<<<<
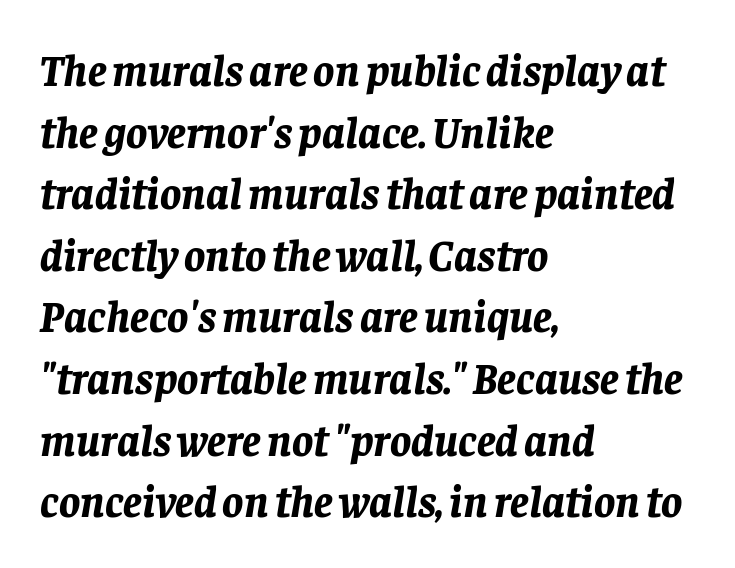
Q: Is the text bold? A: Yes.
Q: Is the text italic (slanted)? A: Yes, it leans right by about 8 degrees.
Q: Is the text underlined? A: No.
Q: How is the paragraph aligned? A: Left-aligned.
Q: Is the spacing between letters normal or unusually wide? A: Normal.
Q: Is the spacing between lines tight, normal or loose? A: Normal.
Q: Width (condensed, normal, or wide)? A: Normal.
Q: Stroke contrast? A: Low.
Q: x-height? A: Large.
Q: Monospaced? A: No.
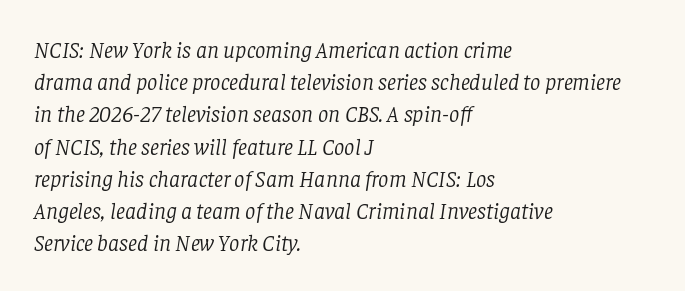
Weight: regular or lighter. Beneath every word, the page is bare. How are the letters spaced? Ordinarily, with no added tracking. Short and long lines alike share a common starting point at left.
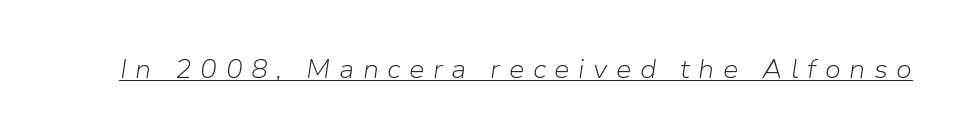
The weight would be labelled regular, book, light, or lighter still. If you drew a line through each stem, it would be angled. Decoration check: the copy is underlined. Honestly, the letter spacing is so wide it's the main thing you notice.
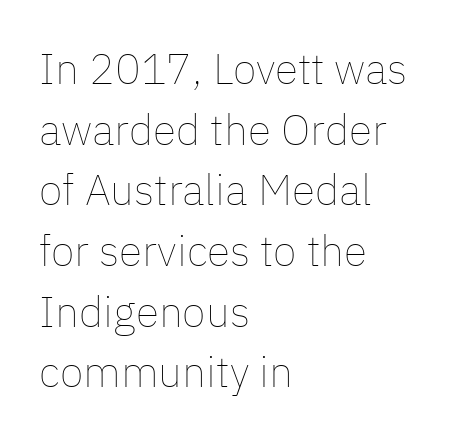
Q: Is the text bold? A: No.
Q: Is the text italic (slanted)? A: No, it is upright.
Q: Is the text underlined? A: No.
Q: How is the paragraph aligned? A: Left-aligned.
Q: Is the spacing between letters normal or unusually wide? A: Normal.
Q: Is the spacing between lines tight, normal or loose? A: Normal.
Q: Width (condensed, normal, or wide)? A: Normal.
Q: Stroke contrast? A: Low.
Q: x-height? A: Medium.
Q: Monospaced? A: No.
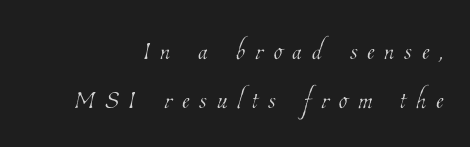
Stems here are at most as thick as an everyday book face. The designer left line spacing at the default. Students, note that the glyphs here are deliberately spaced far apart. The glyphs are unaccompanied by any horizontal stroke below them. The face used here is proportionally spaced, like ordinary book or web type.
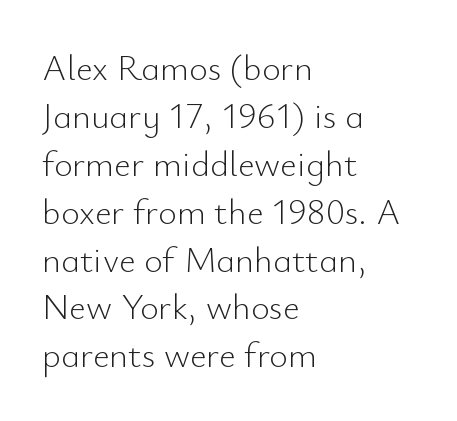
{"serif": "no", "italic": "no", "bold": "no", "weight": "light", "width": "normal", "stroke_contrast": "low", "x_height": "small", "monospaced": "no", "underline": "no", "align": "left", "line_spacing": "normal", "line_spacing_ratio": 1.33, "letter_spacing": "normal", "letter_spacing_em": 0.0, "glyph_px": 36}
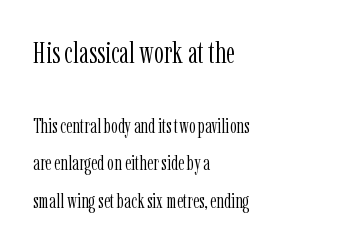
>>>>
Please report every line among the entries that includes "text".

Response ::
Q: Is the text bold? A: Yes.
Q: Is the text italic (slanted)? A: Yes, it leans right by about 8 degrees.
Q: Is the text underlined? A: No.
Q: Is the text bold? A: No.
Q: Is the text italic (slanted)? A: No, it is upright.
Q: Is the text underlined? A: No.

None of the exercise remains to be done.